The evidence therefore has no tendency to show any conduct chargeable to the defendant which would reasonably induce anyone in the insured's place to think the policy might continue in force for fifteen weeks, lacking two days, without paying any premiums. The defendant at all times kept within the limits it set up and indicated no purpose or consent to disregard them. It did nothing entitling the insured to believe it waived the limitation. There is nothing which shows any waiver or estoppel to deny waiver. See Tasker v. Insurance Co., 59 N.H. 438, 445; Kilgore v. Association, 78 N.H. 498.

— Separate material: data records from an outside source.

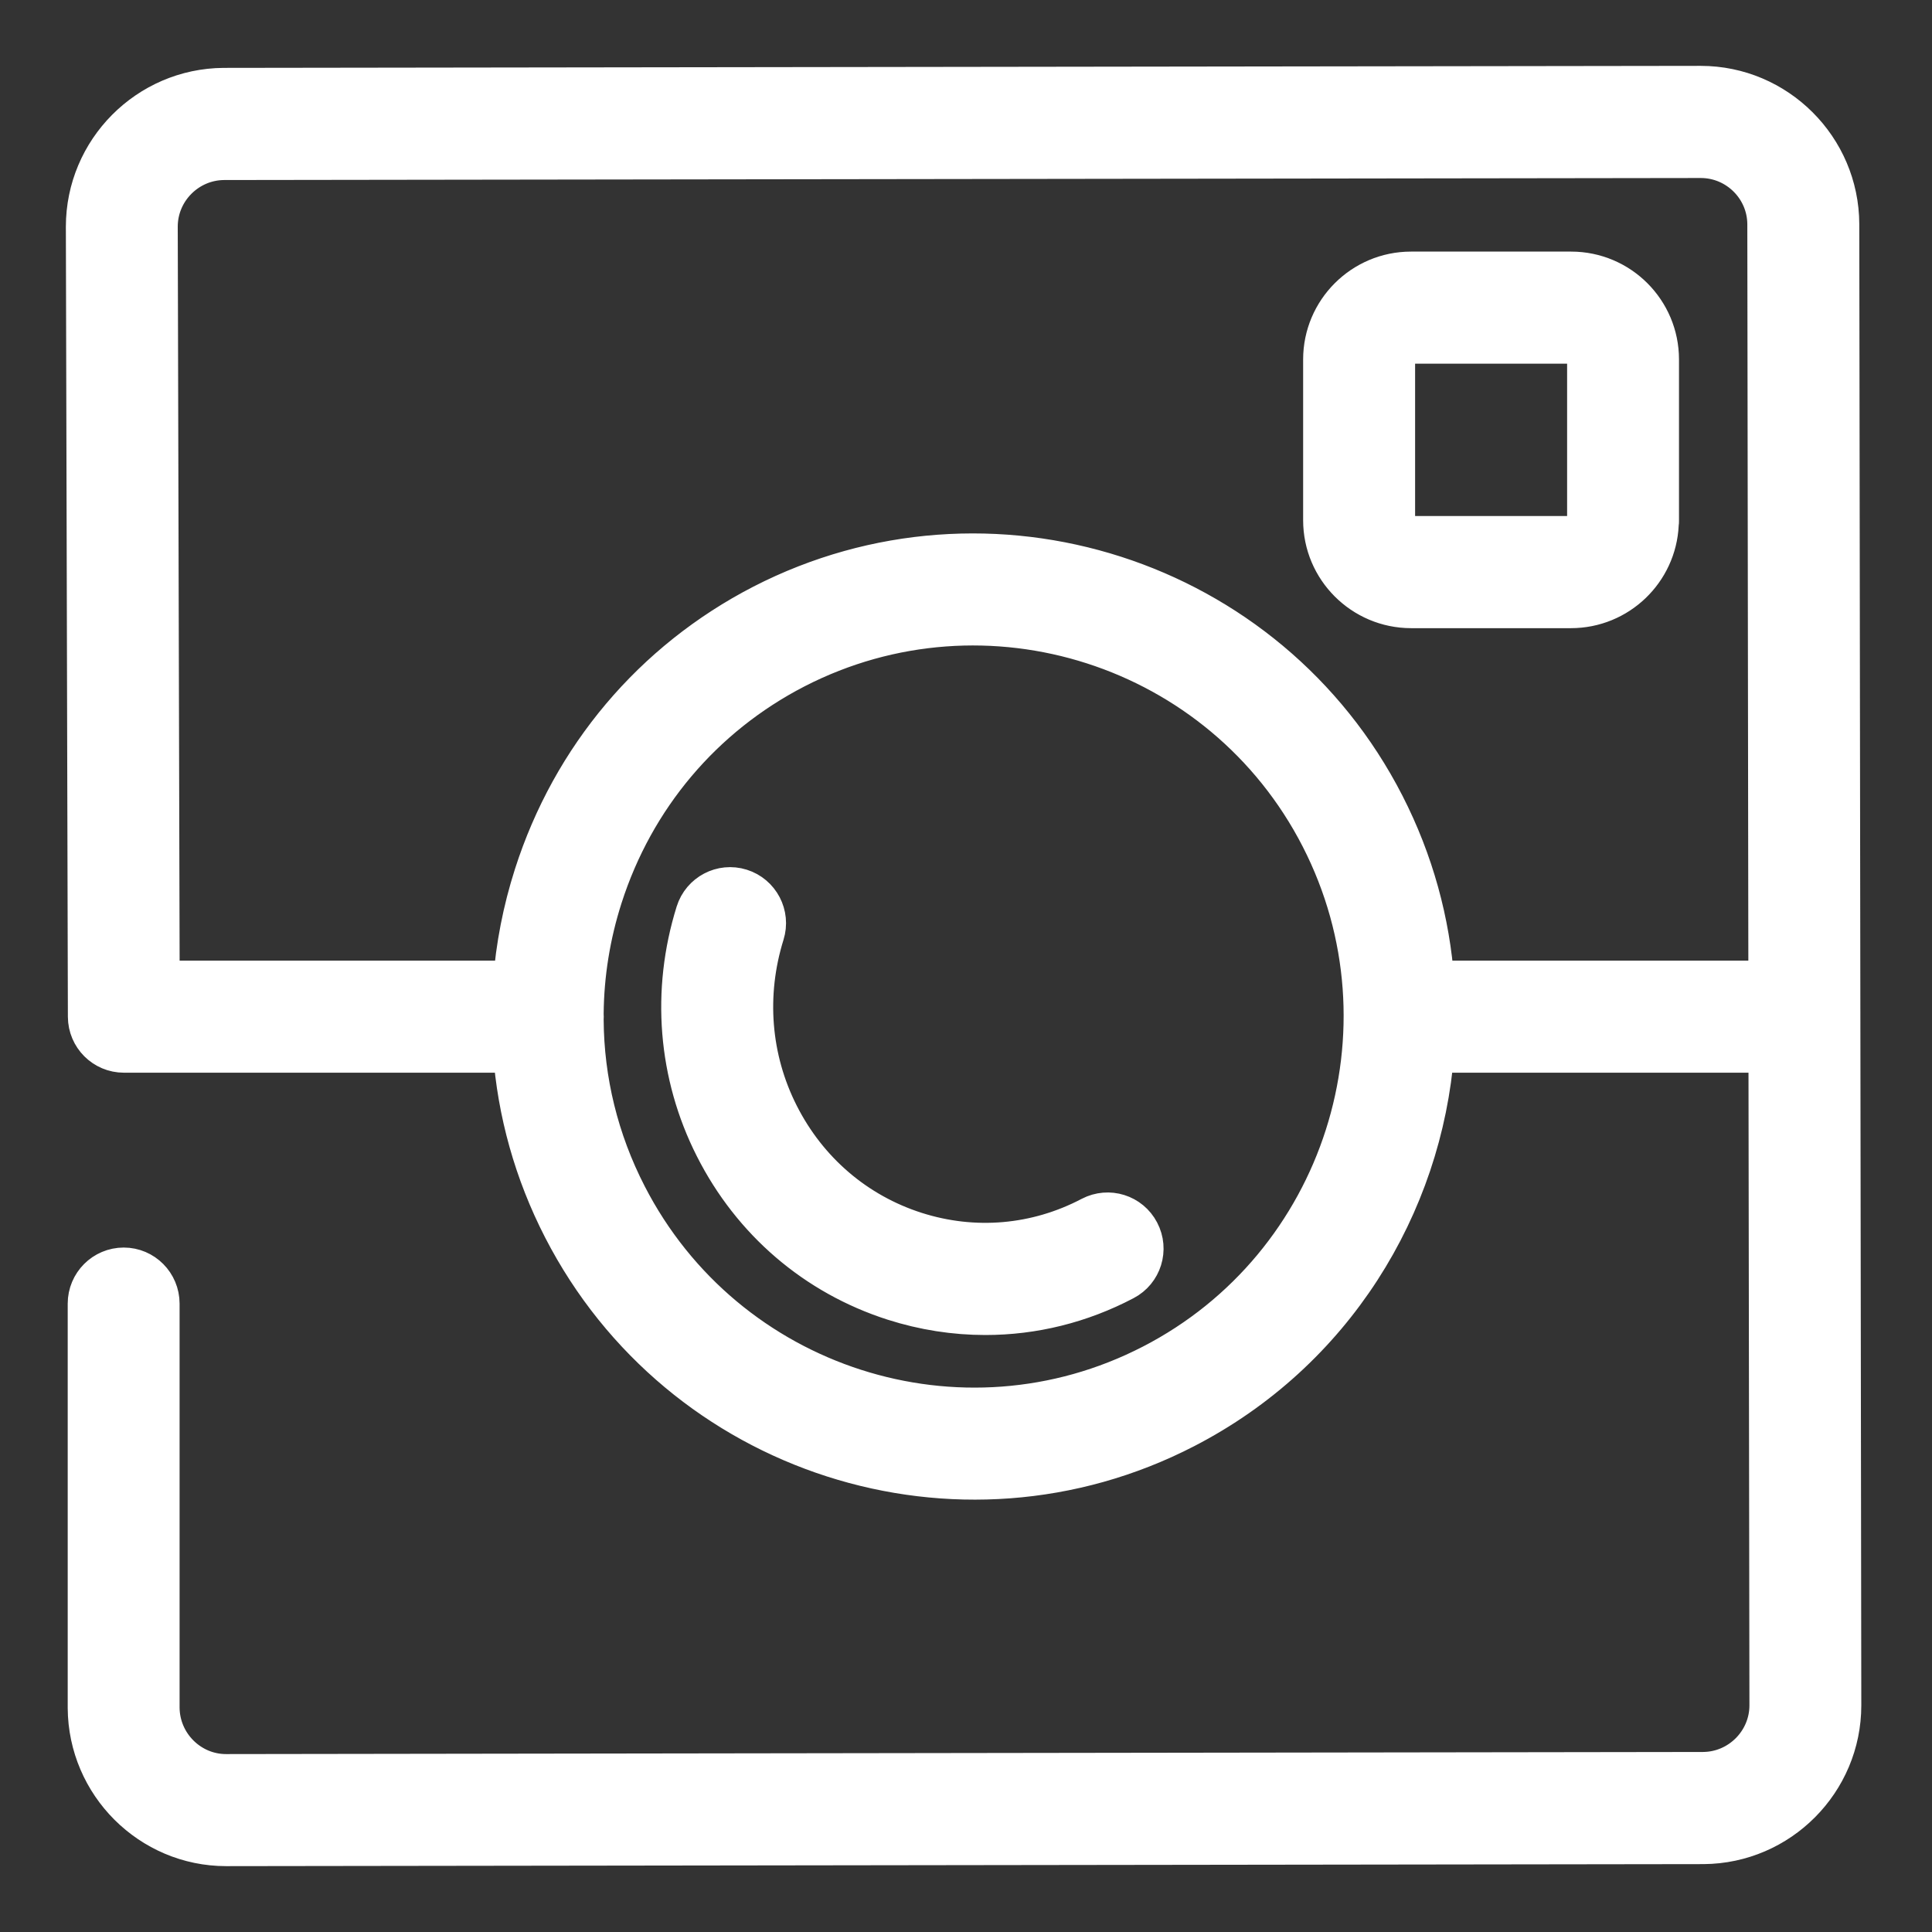 <?xml version="1.0" encoding="UTF-8"?>
<svg width="22px" height="22px" viewBox="0 0 22 22" version="1.1" xmlns="http://www.w3.org/2000/svg" xmlns:xlink="http://www.w3.org/1999/xlink">
    <rect x="0" y="0" width="22" height="22" fill="#333333" stroke="none"/>
    <!-- Generator: Sketch 48.2 (47327) - http://www.bohemiancoding.com/sketch -->
    <title>insta-icon</title>
    <desc>Created with Sketch.</desc>
    <defs></defs>
    <g id="Exports" stroke="none" stroke-width="1" fill="none" fill-rule="evenodd" transform="translate(-285, -396)">
        <g id="insta-icon" transform="translate(286, 397)" fill="#FFFFFF" fill-rule="nonzero" stroke="#FFFFFF" stroke-width="0.5">
            <path d="M15.067,2.891 C14.957,2.891 14.864,2.984 14.864,3.093 L14.864,4.924 C14.864,5.036 14.956,5.126 15.069,5.126 L16.889,5.126 C17,5.126 17.093,5.035 17.093,4.926 C17.093,4.913 17.093,4.899 17.095,4.887 L17.095,3.093 C17.095,2.984 17.002,2.891 16.891,2.891 L15.067,2.891 Z M16.889,5.903 L15.069,5.903 C14.529,5.903 14.089,5.464 14.089,4.924 L14.089,3.093 C14.089,2.554 14.528,2.115 15.067,2.115 L16.891,2.115 C17.431,2.115 17.869,2.554 17.869,3.093 L17.869,4.923 C17.869,4.939 17.869,4.955 17.866,4.971 C17.842,5.489 17.413,5.903 16.889,5.903 Z M10.221,13.952 C9.873,13.952 9.524,13.898 9.183,13.789 C8.3,13.506 7.581,12.89 7.158,12.053 C6.742,11.231 6.666,10.288 6.944,9.397 C7.008,9.192 7.225,9.078 7.429,9.142 C7.633,9.206 7.747,9.424 7.683,9.628 C7.466,10.325 7.525,11.062 7.849,11.702 C8.177,12.351 8.735,12.83 9.419,13.049 C10.092,13.264 10.807,13.202 11.433,12.873 C11.623,12.774 11.856,12.847 11.955,13.037 C12.055,13.227 11.982,13.462 11.792,13.561 C11.298,13.821 10.762,13.952 10.221,13.952 Z M15.311,10.189 L19.159,10.189 L19.147,1.554 C19.146,1.126 18.796,0.777 18.367,0.777 L1.55,0.8 C1.123,0.803 0.774,1.153 0.774,1.581 L0.796,10.189 L4.864,10.189 C4.895,9.78 4.974,9.372 5.102,8.972 C5.53,7.634 6.45,6.544 7.692,5.903 C10.263,4.582 13.427,5.599 14.746,8.172 C15.078,8.82 15.262,9.504 15.311,10.189 Z M5.624,10.614 C5.628,11.305 5.794,11.991 6.119,12.622 C7.247,14.817 9.942,15.685 12.129,14.556 C14.317,13.428 15.182,10.723 14.057,8.527 C12.933,6.334 10.236,5.467 8.046,6.594 C6.988,7.14 6.204,8.069 5.839,9.209 C5.699,9.647 5.628,10.095 5.624,10.541 C5.625,10.553 5.625,10.565 5.625,10.577 C5.625,10.589 5.625,10.602 5.624,10.614 Z M1.575,20 C0.723,20 0.026,19.304 0.021,18.449 L0.021,13.845 C0.021,13.63 0.195,13.456 0.409,13.456 C0.622,13.456 0.795,13.63 0.795,13.845 L0.795,18.446 C0.798,18.874 1.147,19.224 1.574,19.224 L18.395,19.2 C18.822,19.197 19.171,18.847 19.171,18.419 L19.16,10.965 L15.31,10.965 C15.175,12.727 14.161,14.381 12.483,15.246 C9.918,16.57 6.754,15.553 5.43,12.978 C5.103,12.342 4.913,11.659 4.863,10.965 L0.426,10.965 L0.412,10.965 L0.411,10.965 C0.197,10.965 0.024,10.792 0.023,10.578 L0,1.582 C0,0.727 0.694,0.029 1.547,0.023 L18.366,0 C19.221,0 19.919,0.697 19.922,1.552 L19.945,18.419 C19.945,19.273 19.252,19.971 18.398,19.977 L1.575,20 Z" id="Fill-5"></path>
        </g>
    </g>
</svg>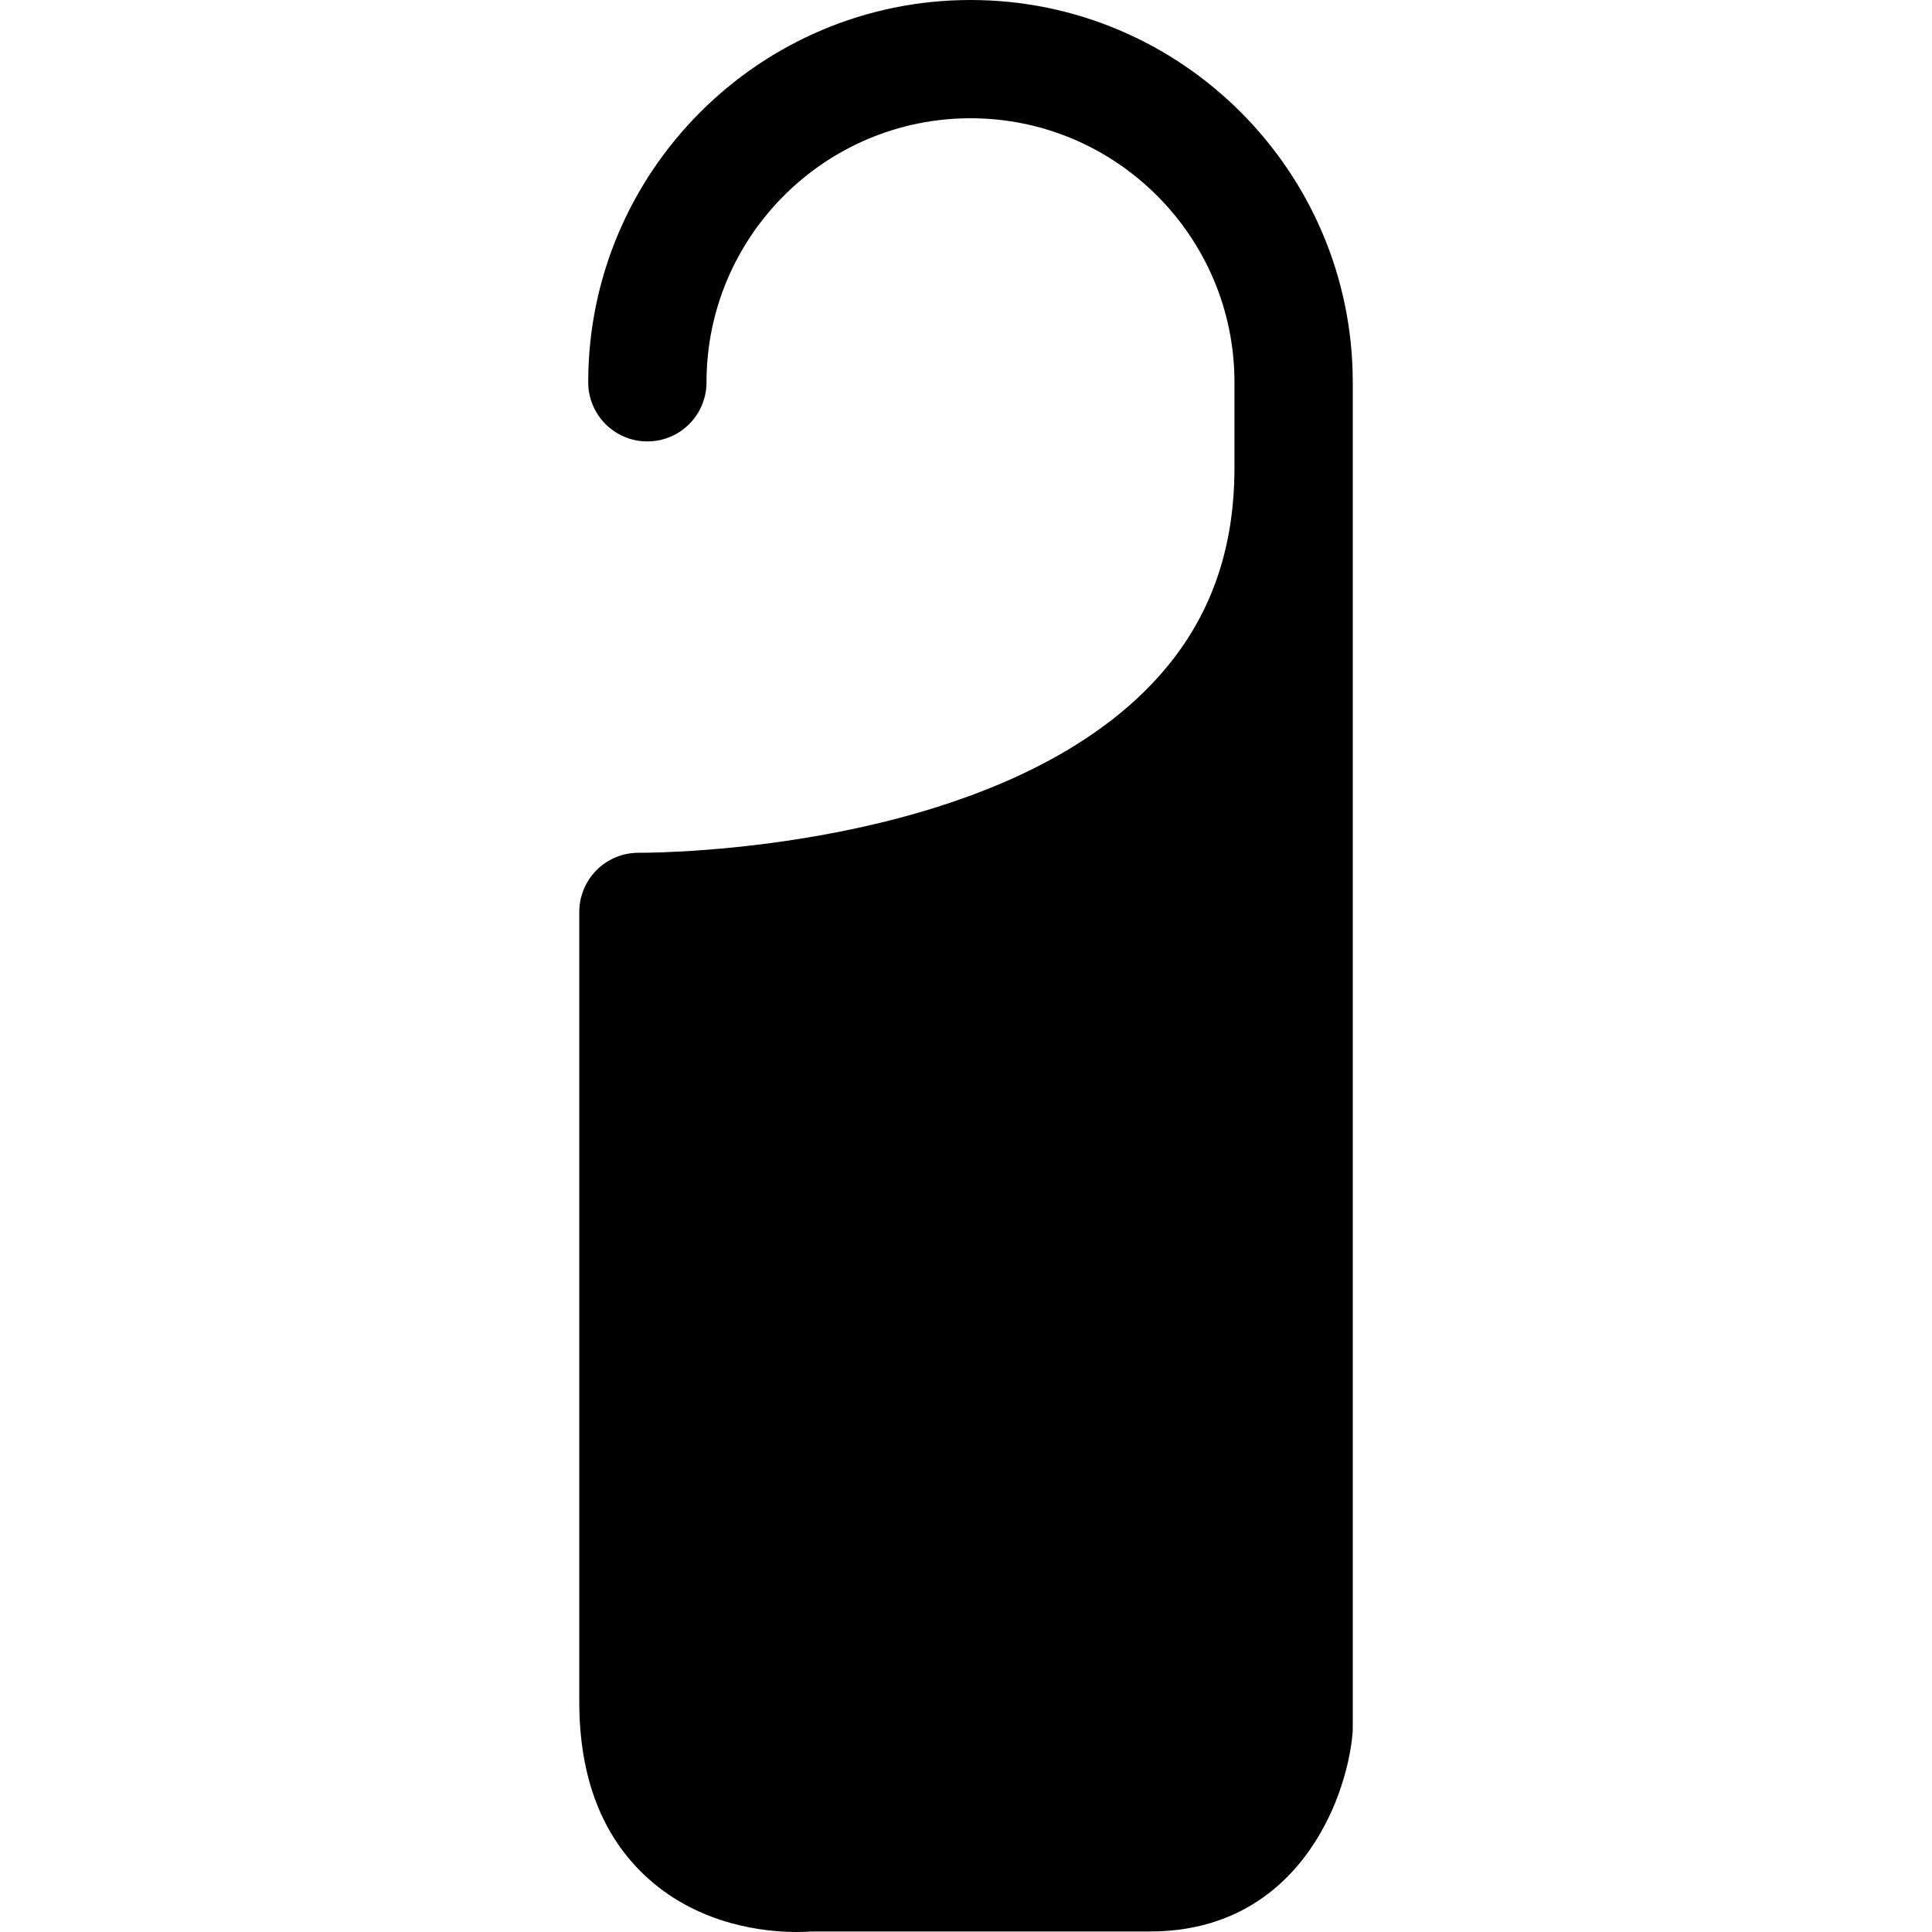 <?xml version="1.0" encoding="utf-8"?>
<!-- Generator: Adobe Illustrator 16.0.0, SVG Export Plug-In . SVG Version: 6.00 Build 0)  -->
<!DOCTYPE svg PUBLIC "-//W3C//DTD SVG 1.1//EN" "http://www.w3.org/Graphics/SVG/1.1/DTD/svg11.dtd">
<svg version="1.1" id="Layer_1" xmlns="http://www.w3.org/2000/svg" xmlns:xlink="http://www.w3.org/1999/xlink" x="0px" y="0px"
	 width="48px" height="48px" viewBox="0 0 48 48" enable-background="new 0 0 48 48" xml:space="preserve">
<g>
	<path d="M24.112,0c-5.237,0-9.498,4.261-9.498,9.498c0,0.812,0.658,1.469,1.469,1.469c0.812,0,1.47-0.657,1.47-1.469
		c0-3.617,2.942-6.56,6.559-6.56c3.616,0,6.558,2.943,6.558,6.56v2.119c0,2.255-0.729,4.071-2.229,5.554
		c-3.986,3.939-11.95,4.016-12.528,4.016c-0.078-0.001-0.042,0-0.051,0c-0.387,0-0.758,0.152-1.033,0.424
		c-0.279,0.276-0.437,0.652-0.437,1.045V42.28c0,1.892,0.574,3.367,1.707,4.387C17.398,47.839,19.013,48,19.8,48
		c0.155,0,0.277-0.007,0.359-0.013h8.413c3.616,0,4.872-3.205,5.03-4.9c0.005-0.045,0.007-0.091,0.007-0.137V9.498
		C33.609,4.261,29.349,0,24.112,0z"/>
</g>
</svg>

While the charge correctly stated the rule of law, it was erroneous because it authorized the jury to make a finding not based on any evidence which would sustain it. The defendant was entitled in place of the instruction given to one that no waiver of the lapse under consideration was to be found. Since it is uncertain whether the verdict was based on an improper finding of waiver or on a finding that payment of the premium had been made by anticipation, it must be set aside. When a rule given to the jury for a decision of the case is inapplicable upon the evidence, the verdict is not to be sustained if it may have been rendered in pursuance of such an instruction. Moody v. Perley, 78 N.H. 17.

Besides the claim of waiver, the plaintiffs claimed payment of the premiums up to the decedent's death by anticipation, through arrangement alleged to have been made nearly four years prior to her death by which policies on the lives of two of her minor children were canceled with a continuance of payment of the premiums thereon so as to create a sinking fund out of which the premiums on her own policy might be paid on occasions when her regular payments might be interrupted. It was alleged the arrangement was made with an agent of the defendant who collected premiums.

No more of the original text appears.